She's a ten year old "model" mare (1st premium)... She's very into dressage, jumping, riding with our carriage, and westernriding!

It's a lovely, sweet horse, but sometimes a bit stubborn.

Here's a picture of her:


----------



## meggymoo (Mar 10, 2007)

Gosh, she's pretty. :wink:


----------



## Hypofocus (Apr 21, 2007)

Thanks!
She's really sweet too... so for me, it's the perfect horse 8)


----------



## Hanna (Feb 25, 2007)

Wow... she's beautiful!


----------



## Oleandra (Apr 10, 2007)

She's gorgeous!
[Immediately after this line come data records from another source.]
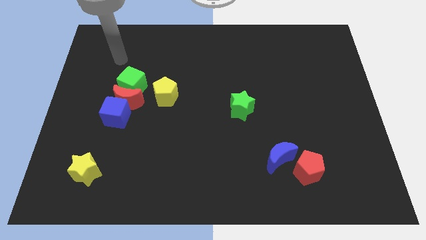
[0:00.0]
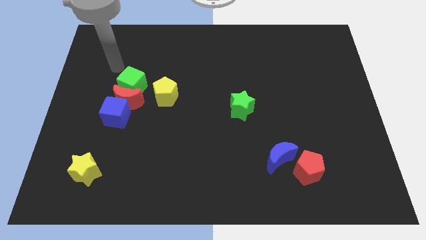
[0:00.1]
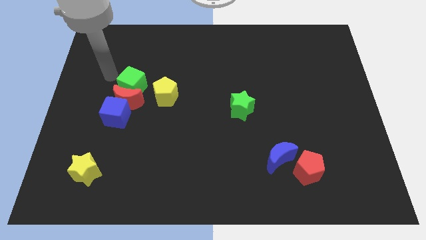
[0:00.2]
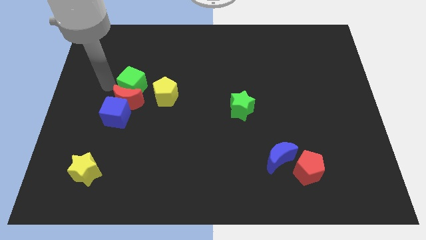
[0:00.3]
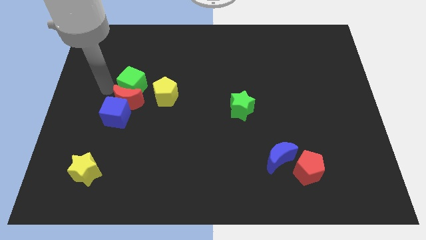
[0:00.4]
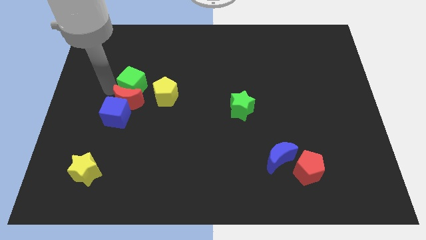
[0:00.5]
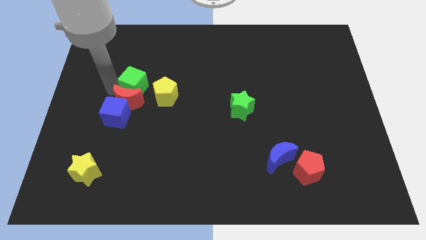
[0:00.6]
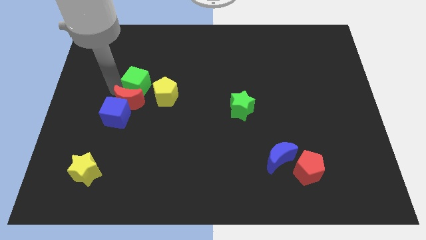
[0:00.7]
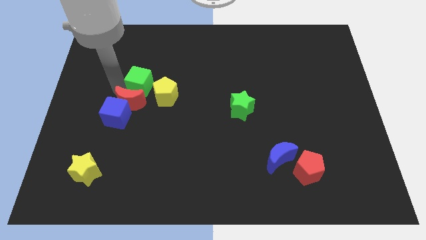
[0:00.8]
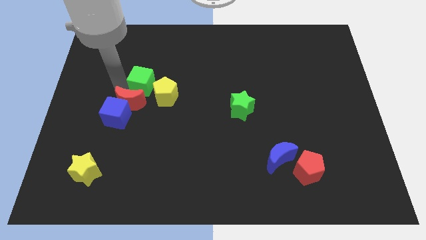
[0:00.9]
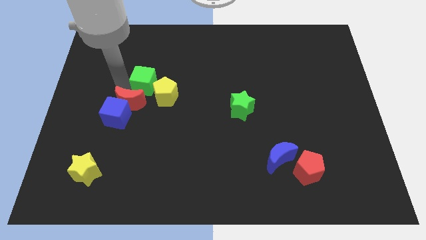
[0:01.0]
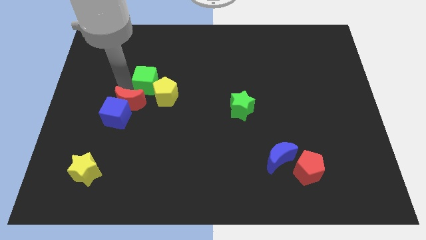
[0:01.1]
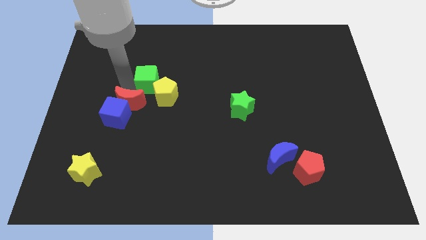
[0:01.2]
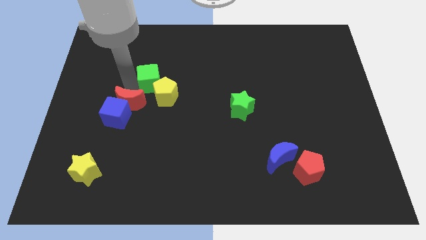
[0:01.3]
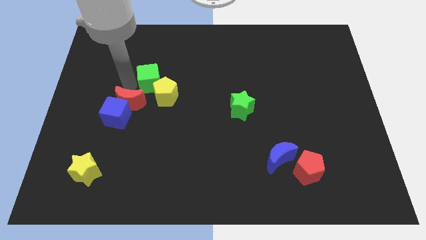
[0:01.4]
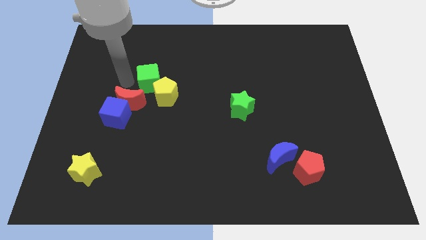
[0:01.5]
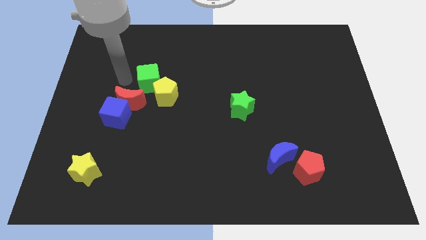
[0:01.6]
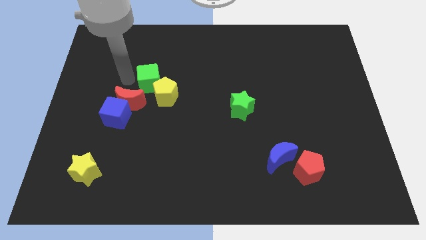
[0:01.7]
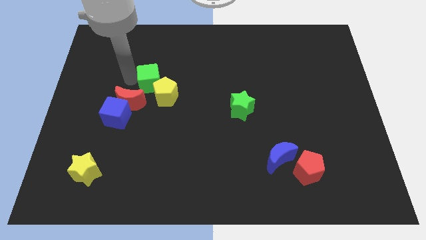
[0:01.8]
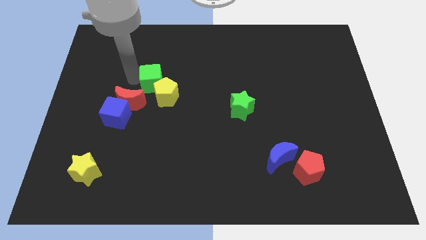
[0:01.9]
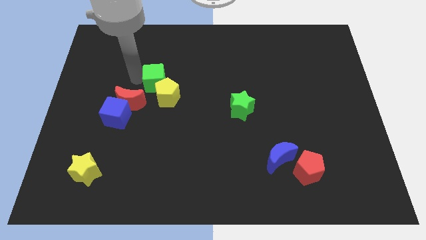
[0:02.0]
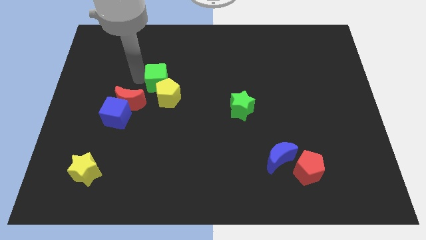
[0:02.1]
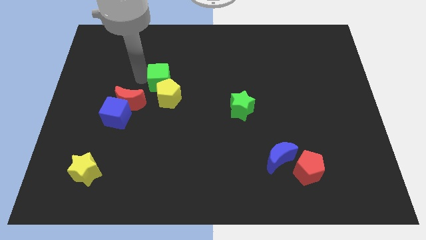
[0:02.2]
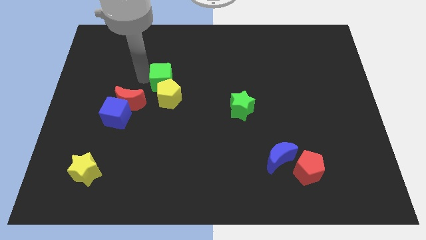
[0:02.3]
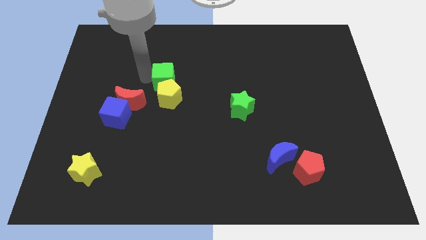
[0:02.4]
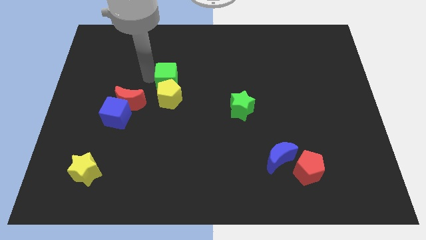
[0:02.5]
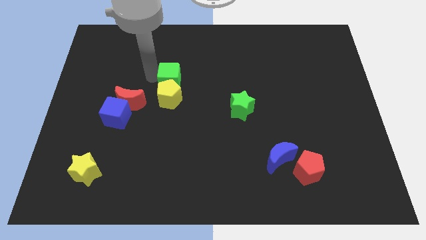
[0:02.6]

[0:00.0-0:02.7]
put the green cube to the center

How old is she?


----------



## Hypofocus (Apr 21, 2007)

She's now 10 year old


----------



## Madds (Mar 15, 2007)

barnrat said:


> I use to have a friend that had some fjords....I was a beginer rider at that time she let me try riding one....I was really embarrased  because I could not ride (the easiest one ) her horse......she had 9 ponies and 1 clydsdale.....the fjord would find food to eat and stop to eat it....I was not that good at the time and could not get his head up....My friend had to rescue me every 2 minutes....She also had a goat and I was terrified it was going to eat me.......and once the pony started eating really close to the goat and I was like screaming....wow...I must have been 12 or 13 at that time....really immature.... I feel bad.....There was no way her goat could have even reached me.... :lol:
> 
> I am convinced I could probably ride her fjords now after 4 years of experiance


I'm 13 and once when i was 8 or 9 i thought the sheep and cows were going to eat me lol! :lol: i had been around horses all my life just not sheep and cows :lol:


----------



## Guapa (Apr 27, 2007)

I have a fjord to! (for pictures see my topic)
I like them because they are very multi-purpose,
you can do everything with them!  
And they are so cute! :shock: really nice!

@ Hypofocus: ha, someone from the netherlands to!
Youre fjord is really beautiful, nice colour!


----------



## muppet123 (Apr 29, 2007)

i have always loved and admired the fjords. we dont reallt see many in the uk, so they really stand out and make an impression when we do come accross them.


----------